* _Your instructions_
Would you copy the records exactly, leaving the pictures out?

(Extracted records)
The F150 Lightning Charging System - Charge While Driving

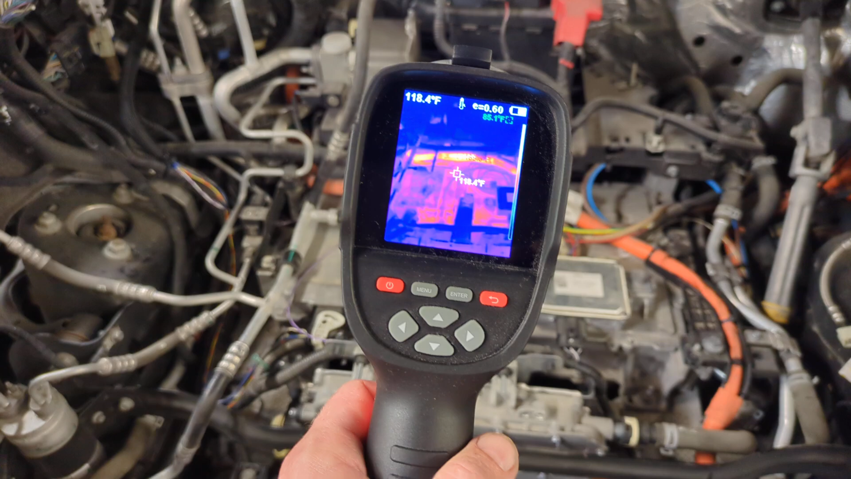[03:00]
wire is hot literally and thermally electrically and thermally it's it's basically high voltage DC coming out of the back of the charger all the way around here to the DC DC converter and then back to the battery and
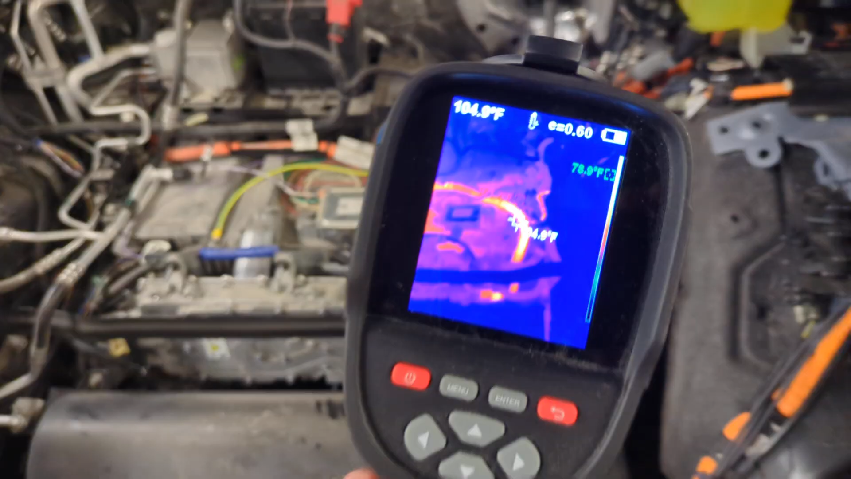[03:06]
so you can see here the truck's been charging at 11 kilowatts and it is
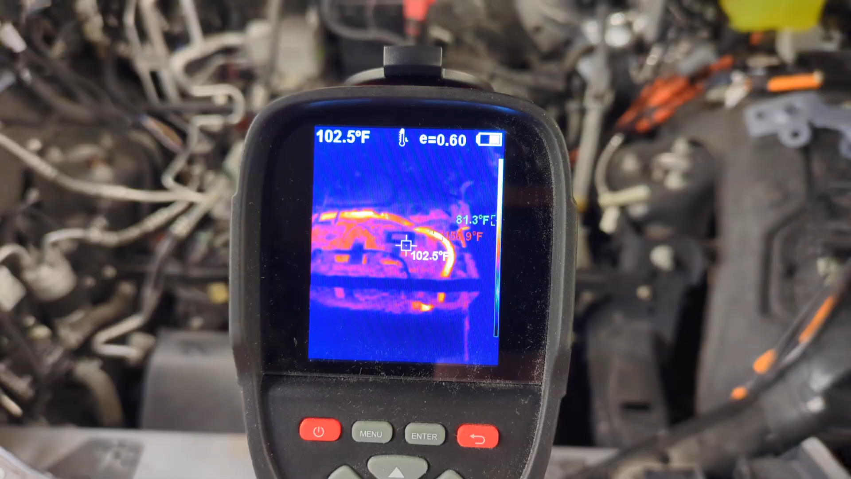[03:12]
On screen: spot 102.5°F
I mean all components are are cool relative to uh that that wire and that wire is not even um it's not even probably caught to the touch really I'd say it's probably 110

* _Answer box_
The F150 Lightning Charging System - Charge While Driving

[03:00]
wire is hot literally and thermally electrically and thermally it's it's basically high voltage DC coming out of the back of the charger all the way around here to the DC DC converter and then back to the battery and
[03:06]
so you can see here the truck's been charging at 11 kilowatts and it is
[03:12]
On screen: spot 102.5°F
I mean all components are are cool relative to uh that that wire and that wire is not even um it's not even probably caught to the touch really I'd say it's probably 110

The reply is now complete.